The Inquirer Building, formerly called the Elverson Building, is an eighteen-story building at the intersection of North Broad and Callowhill Streets in the Logan Square neighborhood of Philadelphia, completed in 1924 as the new home for the newspaper  The Philadelphia Inquirer, which was joined by the Philadelphia Daily News in 1957. The original name refers to James Elverson, the publisher of the Inquirer from 1889 until his death in 1911.  His son, "Colonel" James Elverson Jr., took over as publisher, and had the building constructed and dedicated to his father. The building is the new headquarters of the Philadelphia Police Department, the 6th and 9th Police Districts, and the Medical Examiner's Office.

History and description

Construction
Construction began on the building in July 1923. It was designed in the Beaux-Arts style by Rankin, Kellogg & Crane, and was, at the time, the tallest building north of City Hall. Its gold dome, and the four-faced clock under it, could be seen for many miles.  The building is  tall.

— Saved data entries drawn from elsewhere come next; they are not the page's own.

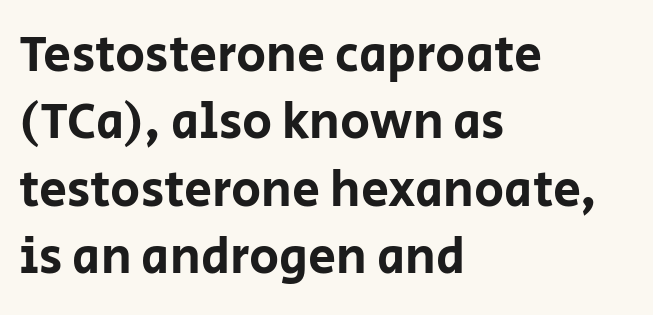
{"serif": "no", "italic": "no", "width": "normal", "stroke_contrast": "low", "x_height": "large", "monospaced": "no", "underline": "no", "align": "left", "line_spacing": "normal", "line_spacing_ratio": 1.35, "letter_spacing": "normal", "letter_spacing_em": 0.0, "glyph_px": 50}
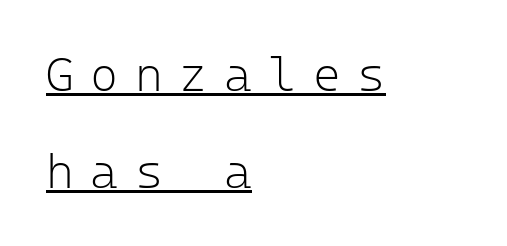
A rule runs beneath these lines of type. A sans-serif font was chosen for this passage. The rendering uses typewriter-style spacing with identical character cells. Tracking here is generous; glyphs stand well apart from one another. Casual observation: everything's shoved over to the left.
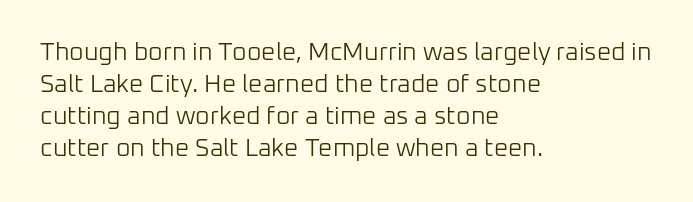
Q: Is the text bold? A: No.
Q: Is the text italic (slanted)? A: No, it is upright.
Q: Is the text underlined? A: No.
Q: How is the paragraph aligned? A: Left-aligned.
Q: Is the spacing between letters normal or unusually wide? A: Normal.
Q: Is the spacing between lines tight, normal or loose? A: Normal.
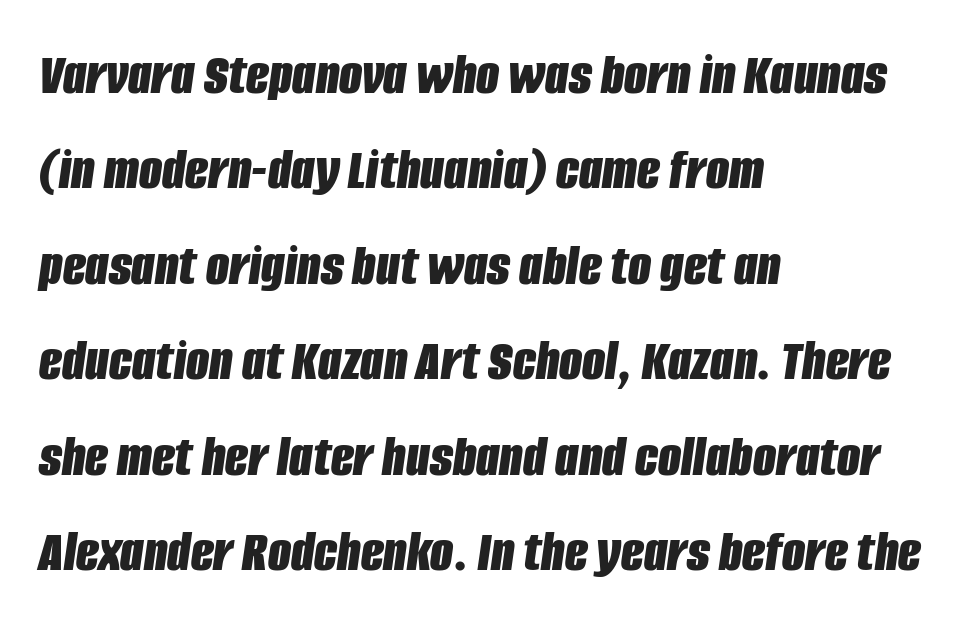
The image shows 60 px bold, condensed type, italic (leaning right); set left-aligned, normal line spacing (1.59x), normal letter spacing, not underlined; low stroke contrast and a large x-height.

Philadelphia Inquirer headquarters

The first issue of The Philadelphia Inquirer printed at the building was on July 13, 1925. The newspaper operation was considered at the time to have the most modern printing plant in the world, with the largest composing room and fastest printing presses.  The building also featured an auditorium and an assembly hall, and had its own refrigeration and water filtration plant.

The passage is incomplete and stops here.